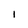
Character: 1
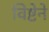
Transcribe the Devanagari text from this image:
विष्टेने
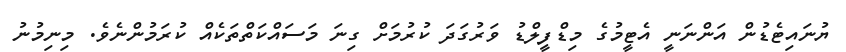
ޔުނައިޓެޑުން އަންނަނީ އެޓީމުގެ މިޑްފީލްޑު ވަރުގަދަ ކުރުމަށް ގިނަ މަސައްކަތްތަކެއް ކުރަމުންނެވެ. މިނިމުނު
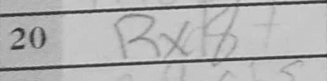
Transcription: Rxd8+
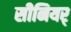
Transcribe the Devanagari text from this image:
सीनियर्
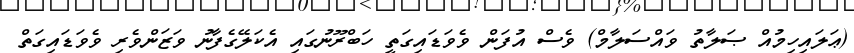
(ޢަލައިހިމުއް ޞަލާތު ވައްސަލާމް) ވެސް އުފަން ވެވަޑައިގަތީ ހަބްރޫނުގައި އެކަލޭގެފާނު ވަޒަންވެރި ވެވަޑައިގަތް
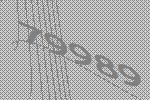
79989
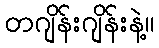
တဂျိန်းဂျိန်းနဲ့။
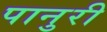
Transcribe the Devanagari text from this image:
पानुरी
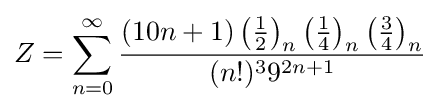
Z=\sum _{n=0}^{\infty }{\frac {(10n+1)\left({\frac {1}{2}}\right)_{n}\left({\frac {1}{4}}\right)_{n}\left({\frac {3}{4}}\right)_{n}}{(n!)^{3}{9}^{2n+1}}}
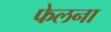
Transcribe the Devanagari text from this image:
फेलना
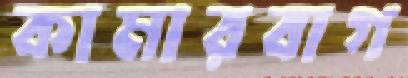
কামারবাগ
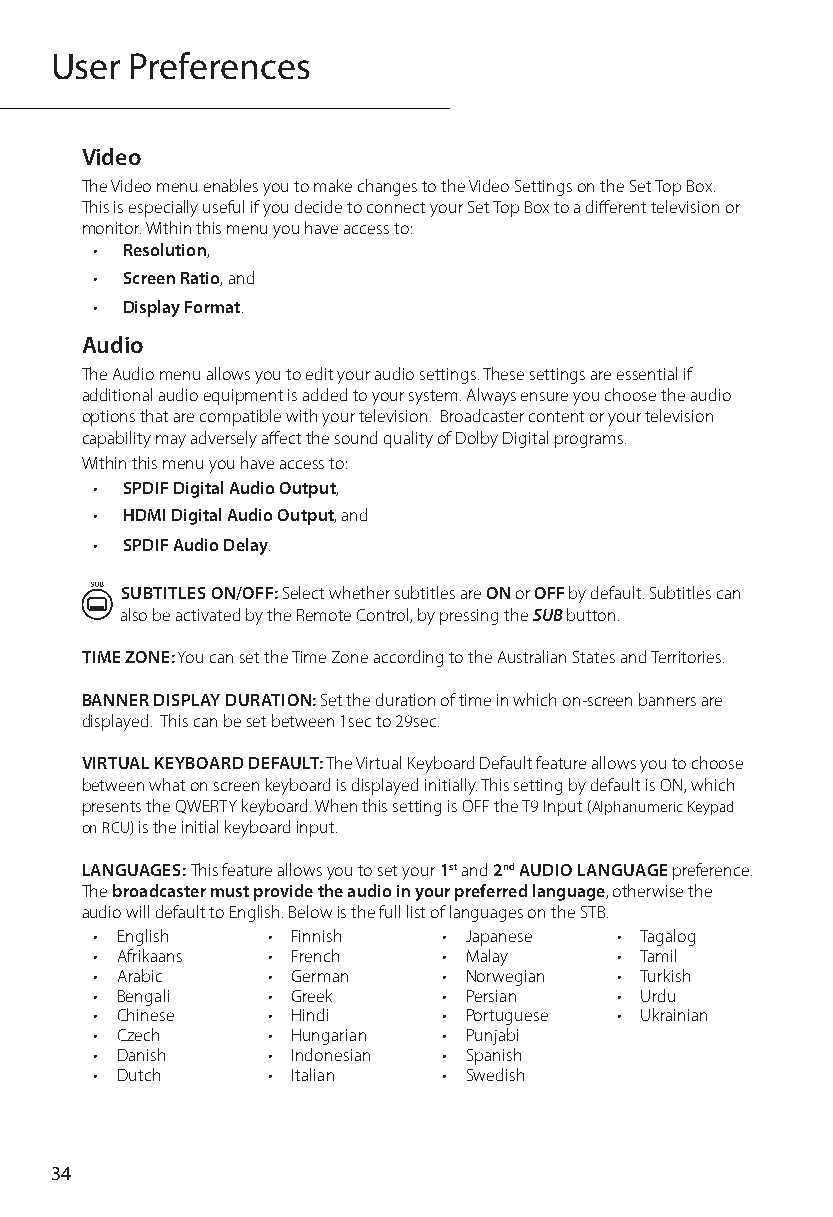
User  Preferences
 Video
 The Video menu enables you to make changes to the Video Settings on the Set Top Box.
 This is especially useful if you decide to connect your Set Top Box to a different television or
 monitor. Within this menu you have access to:
 • Resolution,
 • Screen Ratio, and
 • Display Format.
 Audio
 The Audio menu allows you to edit your audio settings. These settings are essential if
 additional audio equipment is added to your system. Always ensure you choose the audio
 options that are compatible with your television. Broadcaster content or your television
 capability may adversely affect the sound quality of Dolby Digital programs.
 Within this menu you have access to:
 • SPDIF Digital Audio Output,
 • HDMI Digital Audio Output, and
 • SPDIF Audio Delay.
 SUBTITLES ON/OFF: Select whether subtitles are ON or OFF by default. Subtitles can
 also be activated by the Remote Control, by pressing the SUB button.
 TIME ZONE: You can set the Time Zone according to the Australian States and Territories.
 BANNER DISPLAY DURATION: Set the duration of time in which on-screen banners are
 displayed. This can be set between 1sec to 29sec.
 VIRTUAL KEYBOARD DEFAULT: The Virtual Keyboard Default feature allows you to choose
 between what on screen keyboard is displayed initially. This setting by default is ON, which
 presents the QWERTY keyboard. When this setting is OFF the T9 Input (Alphanumeric Keypad
 on RCU) is the initial keyboard input.
 LANGUAGES: This feature allows you to set your 1st and 2nd AUDIO LANGUAGE preference.
 The broadcaster must provide the audio in your preferred language, otherwise the
 audio will default to English. Below is the full list of languages on the STB.
 • English   • Finnish  • Japanese  • Tagalog
 • Afrikaans • French   • Malay     • Tamil
 • Arabic    • German   • Norwegian • Turkish
 • Bengali   • Greek    • Persian   • Urdu
 • Chinese   • Hindi    • Portuguese • Ukrainian
 • Czech     • Hungarian • Punjabi
 • Danish    • Indonesian • Spanish
 • Dutch     • Italian  • Swedish
 34
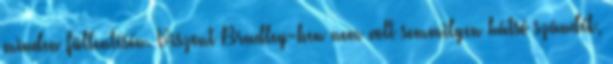
minden füllentésén. Viszont Bradley-ben nem volt semmilyen hátsó szándék,
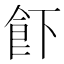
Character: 𱃣
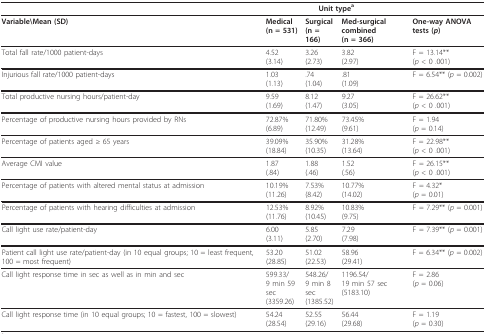
<table><thead><tr><td></td><td colspan="3"><b>Unit type<sup>a</sup></b></td><td></td></tr></thead><tbody><tr><td><b>Variable\Mean (SD)</b></td><td><b>Medical</b><b>(n = 531)</b></td><td><b>Surgical</b><b>(n = 166)</b></td><td><b>Med-surgical combined</b><b>(n = 366)</b></td><td><b>One-way ANOVA tests (<i>p</i>)</b></td></tr><tr><td>Total fall rate/1000 patient-days</td><td>4.52(3.14)</td><td>3.26(2.73)</td><td>3.82(2.97)</td><td>F = 13.14**(<i>p </i>&lt; 0 .001)</td></tr><tr><td>Injurious fall rate/1000 patient-days</td><td>1.03(1.13)</td><td>.74(1.04)</td><td>.81(1.09)</td><td>F = 6.54** (<i>p </i>= 0.002)</td></tr><tr><td>Total productive nursing hours/patient-day</td><td>9.59(1.69)</td><td>8.12(1.47)</td><td>9.27(3.05)</td><td>F = 26.62**(<i>p </i>&lt; 0 .001)</td></tr><tr><td>Percentage of productive nursing hours provided by RNs</td><td>72.87%(6.89)</td><td>71.80%(12.49)</td><td>73.45%(9.61)</td><td>F = 1.94(<i>p </i>= 0.14)</td></tr><tr><td>Percentage of patients aged ≥ 65 years</td><td>39.09%(18.84)</td><td>35.90%(10.35)</td><td>31.28%(13.64)</td><td>F = 22.98**(<i>p </i>&lt; 0 .001)</td></tr><tr><td>Average CMI value</td><td>1.87(.84)</td><td>1.88(.46)</td><td>1.52(.56)</td><td>F = 26.15**(<i>p </i>&lt; 0 .001)</td></tr><tr><td>Percentage of patients with altered mental status at admission</td><td>10.19%(11.26)</td><td>7.53%(8.42)</td><td>10.77%(14.02)</td><td>F = 4.32*(<i>p </i>= 0.01)</td></tr><tr><td>Percentage of patients with hearing difficulties at admission</td><td>12.53%(11.76)</td><td>8.92%(10.45)</td><td>10.83%(9.75)</td><td>F = 7.29** (<i>p </i>= 0.001)</td></tr><tr><td>Call light use rate/patient-day</td><td>6.00(3.11)</td><td>5.85(2.70)</td><td>7.29(7.98)</td><td>F = 7.39** (<i>p </i>= 0.001)</td></tr><tr><td>Patient call light use rate/patient-day (in 10 equal groups; 10 = least frequent, 100 = most frequent)</td><td>53.20(28.85)</td><td>51.02(22.53)</td><td>58.96(29.41)</td><td>F = 6.34** (<i>p </i>= 0.002)</td></tr><tr><td>Call light response time in sec as well as in min and sec</td><td>599.33/9 min 59 sec(3359.26)</td><td>548.26/9 min 8 sec(1385.52)</td><td>1196.54/19 min 57 sec(5183.10)</td><td>F = 2.86(<i>p </i>= 0.06)</td></tr><tr><td>Call light response time (in 10 equal groups; 10 = fastest, 100 = slowest)</td><td>54.24(28.54)</td><td>52.55(29.16)</td><td>56.44(29.68)</td><td>F = 1.19(<i>p </i>= 0.30)</td></tr></tbody></table>
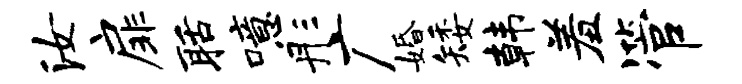
汝扉聒噫彤广婚矮韩羞管
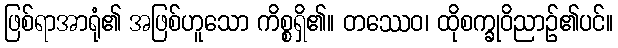
ဖြစ်ရာအာရုံ၏ အဖြစ်ဟူသော ကိစ္စရှိ၏။ တဿေဝ၊ ထိုစက္ခုဝိညာဉ်၏ပင်။
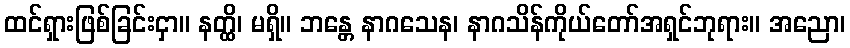
ထင်ရှားဖြစ်ခြင်းငှာ။ နတ္ထိ၊ မရှိ။ ဘန္တေ နာဂသေန၊ နာဂသိန်ကိုယ်တော်အရှင်ဘုရား။ အညော၊
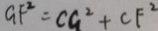
G F ^ { 2 } = C G ^ { 2 } + C F ^ { 2 }
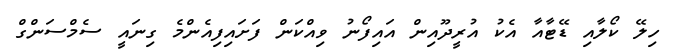
ހިލޭ ކޯލާއި ޑޭޓާއާ އެކު އުރީދޫއިން އައިފޯނު ވިއްކަން ފަށައިފިއެންމެ ގިނައީ ސެމްސަންގް
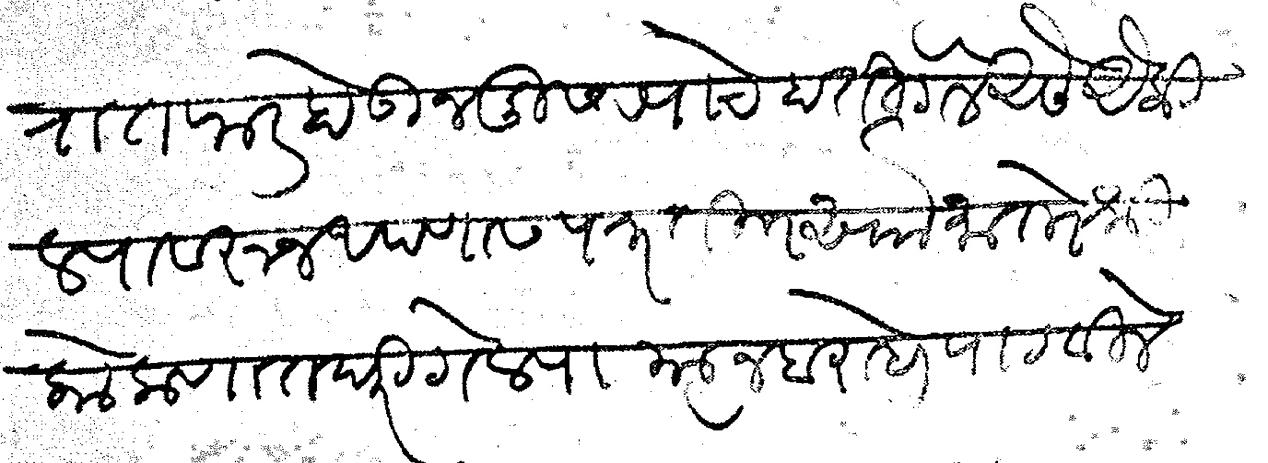
Transliteration (Devanagari): अफरातफर होऊन दुसऱ्याचे हाती गेले असे ऐकिल्यावरून आपणास पत्र ती सौ मातोश्री कोकणात घरीगेल्या त्याजबरोबर पाठविले
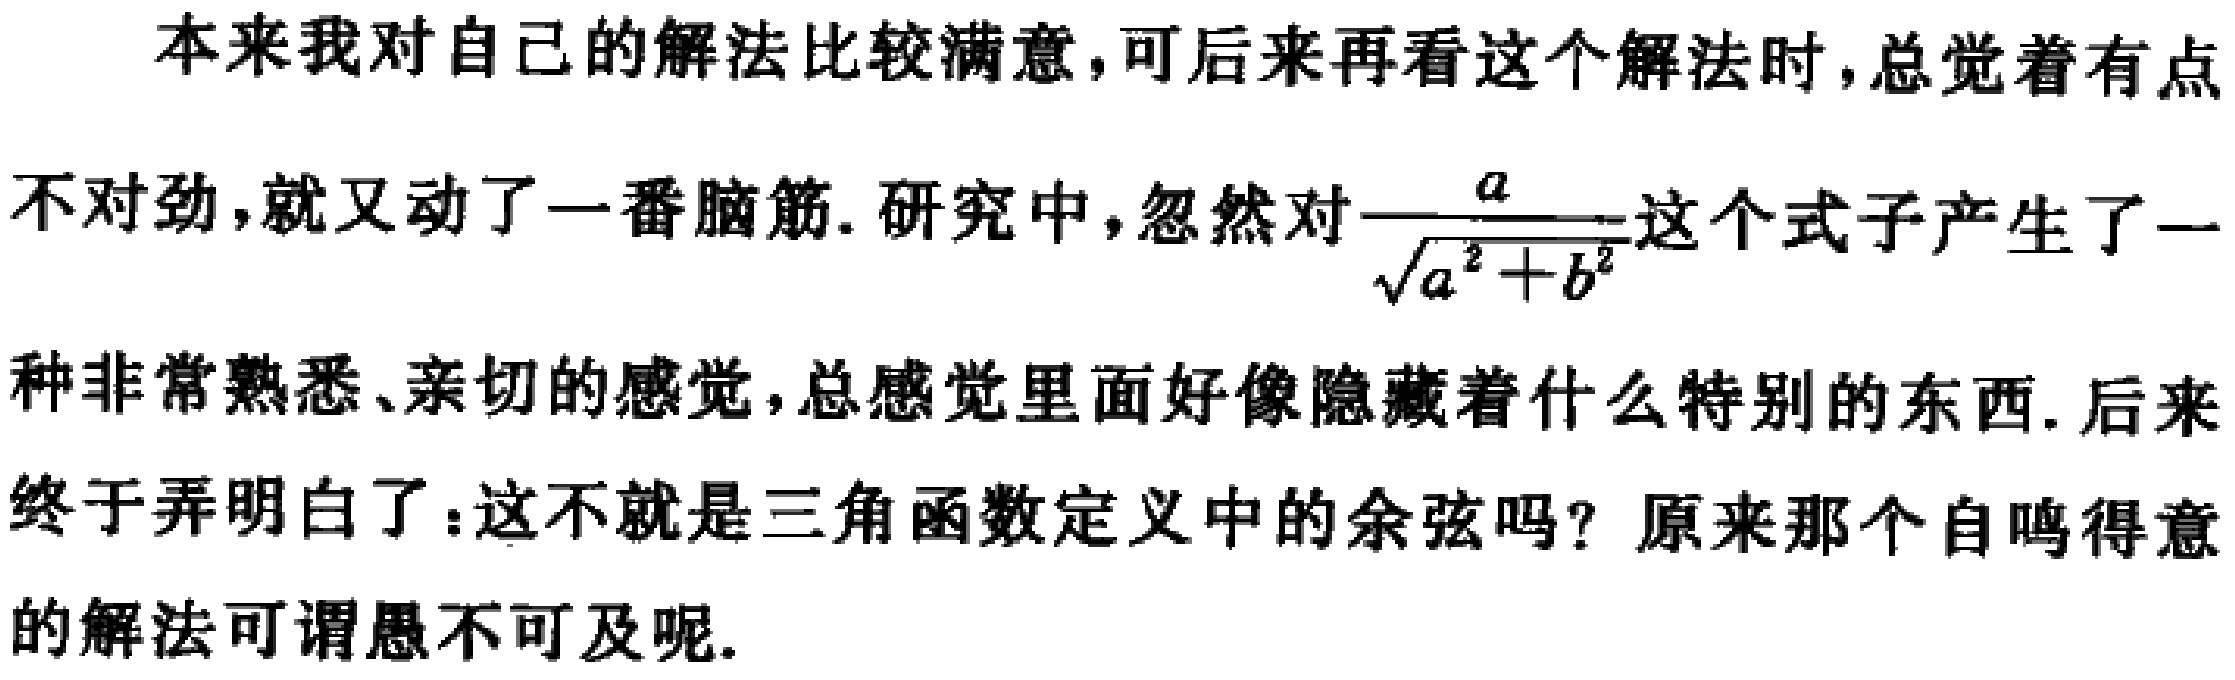
本来我对自己的解法比较满意，可后来再看这个解法时，总觉着有点不对劲，就又动了一番脑筋. 研究中，忽然对$\frac{a}{\sqrt{a^{2}+b^{2}}}$这个式子产生了一种非常熟悉、亲切的感觉，总感觉里面好像隐藏着什么特别的东西. 后来终于弄明白了：这不就是三角函数定义中的余弦吗？原来那个自鸣得意的解法可谓愚不可及呢.
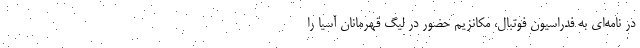
در نامه‌ای به فدراسیون فوتبال، مکانزیم حضور در لیگ قهرمانان آسیا را
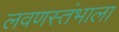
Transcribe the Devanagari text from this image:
लवणस्तंभाला
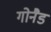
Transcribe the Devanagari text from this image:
गोनैड
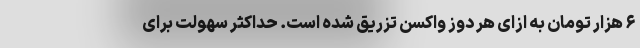
۶ هزار تومان به ازای هر دوز واکسن تزریق شده است. حداکثر سهولت برای
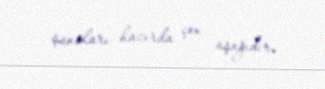
şansları hazırda çox aşağıdır.
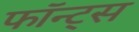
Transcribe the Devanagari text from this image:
फॉन्ट्‌स
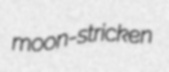
moon-stricken
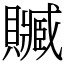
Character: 贓
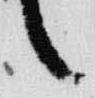
言
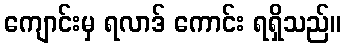
ကျောင်းမှ ရလာဒ် ကောင်း ရရှိသည်။
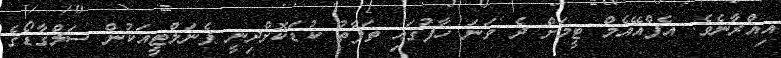
އިއްރާނެވެ. އެފްއޭއެމް ޓީމަށް ދެ ވަނަ ހާފުގައި ތަފާތު ކުޑަކޮށްދިނީ ޕެނަލްޓީއަކުން ސަލްގާޑޯގެ
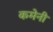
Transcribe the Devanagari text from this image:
कमेनी
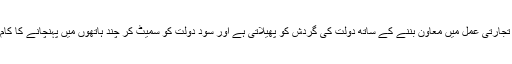
مضاربت تجارتی عمل میں معاون بننے کے ساتھ دولت کی گردش کو پھیلاتی ہے اور سود دولت کو سمیٹ کر چند ہاتھوں میں پہنچانے کا کام کرتا ہے۔
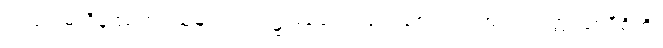
သည်။ မာဝိနဿတု၊ သူများလက်၌ မပျောက်ပျက်စေလင့်။ အယံ တတ္ထ သာမီစိတိ၊
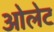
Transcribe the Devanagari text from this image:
ओलेट
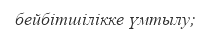
бейбітшілікке үмтылу;
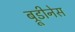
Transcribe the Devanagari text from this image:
ब्रूडीनेस
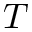
T
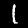
Digit: 1
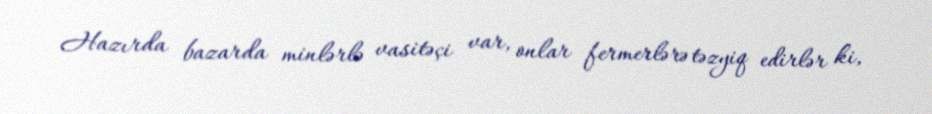
Hazırda bazarda minlərlə vasitəçi var, onlar fermerlərə təzyiq edirlər ki,
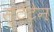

************

→ PROBLEM DETAILS
Search the records above for the string "Character" and copy each line that holds it.

→ RESULT OF THIS TASK
Character: 1
Character: 𱃣
Character: 贓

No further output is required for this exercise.